Fly ash is a low carbon footprint material in that its CO2 footprint is 93 CO2e per ton (kg) having already been established through its creation from coal burning. [Carraher, C., and Pittman, C., (2009), Nugteren, H., “Geopolymers” (2008) Pinkas, J., (2005); Duxson, P., Fernandez-Jimenez, A., Provis, J., Lukey, G., Palomo, A., van Deventer, J., (2007); Kosslick, H., and Fricke, R., (2007)] . Second, there is a need for the disposal of fly ash. About 70% of fly ash is currently stored at dump sites, while 30% is employed as a OPC extender. Thus, it is an underused resource.
Fly ash is generally divided into two groups as defined by ASTM C618: Class F fly ash and Class C fly ash. The major difference between these two classes is the amount of calcium, silica, alumina, and iron in the ash. The chemical composition is, in turn, due to the chemical content of the burned coal-anthracite, bituminous, and lignite.

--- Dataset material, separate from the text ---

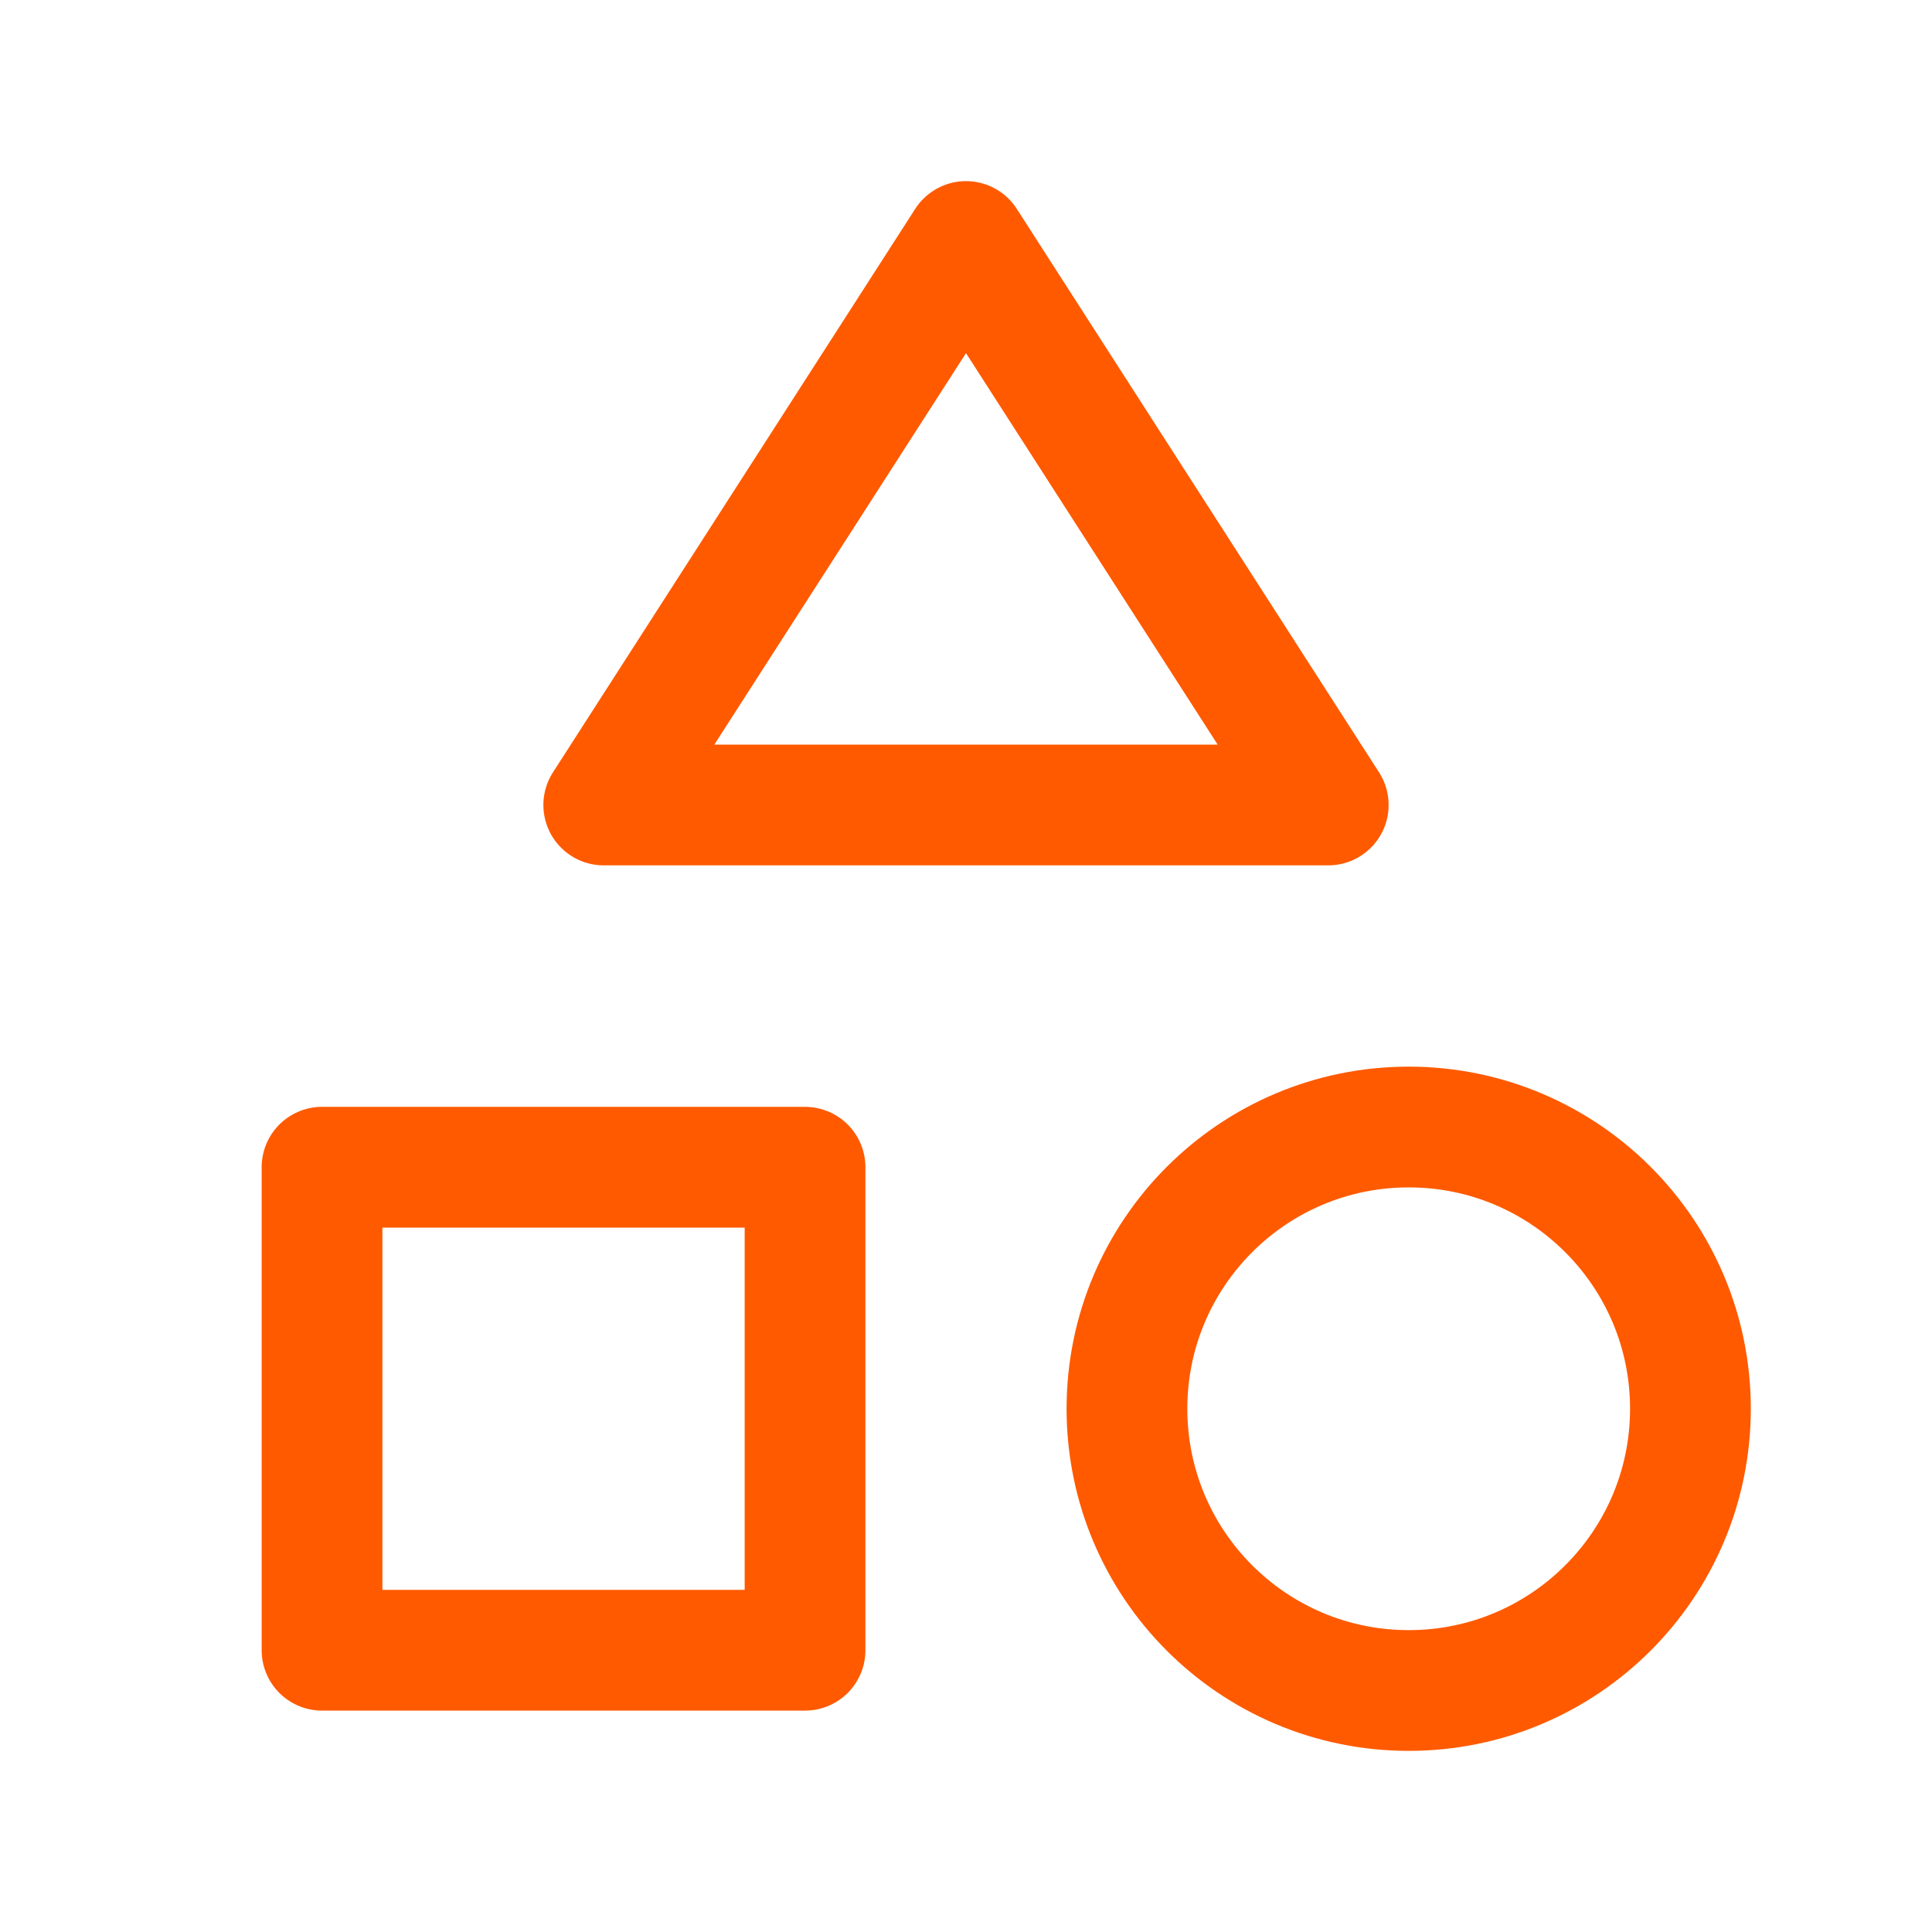 <svg width="32" height="32" viewBox="0 0 32 32" fill="none" xmlns="http://www.w3.org/2000/svg">
<path fill-rule="evenodd" clip-rule="evenodd" d="M5.334 19.333H13.334V27.333H5.334V19.333Z" stroke="#FF5A00" stroke-width="2" stroke-linecap="round" stroke-linejoin="round"/>
<path fill-rule="evenodd" clip-rule="evenodd" d="M23.333 28V28C20.755 28 18.666 25.911 18.666 23.333V23.333C18.666 20.756 20.755 18.667 23.333 18.667V18.667C25.91 18.667 27.999 20.756 27.999 23.333V23.333C27.999 25.911 25.91 28 23.333 28Z" stroke="#FF5A00" stroke-width="2" stroke-linecap="round" stroke-linejoin="round"/>
<path fill-rule="evenodd" clip-rule="evenodd" d="M16 4L10 13.333H22L16 4Z" stroke="#FF5A00" stroke-width="2" stroke-linecap="round" stroke-linejoin="round"/>
</svg>

Class F fly ash normally comes from older anthracite and bituminous coal. It is pozzolanic containing less than 10% lime (CaO). Because it is pozzolanic, Class F fly ash requires a cementing agent, such as OPC, quicklime, or hydrated lime, in the presence of water, to produce cementitious materials. Cementitious materials are also produced through the use of chemical activators such as sodium silicate (water glass).
Burning of younger lignite and sub bituminous coal gives Class C fly ash. It possesses pozzolanic properties but also has some self-cementing ability and does not require an activator. Typically it contains more than 20% lime and alkali and sulfate amounts are generally greater than in Class F fly ash.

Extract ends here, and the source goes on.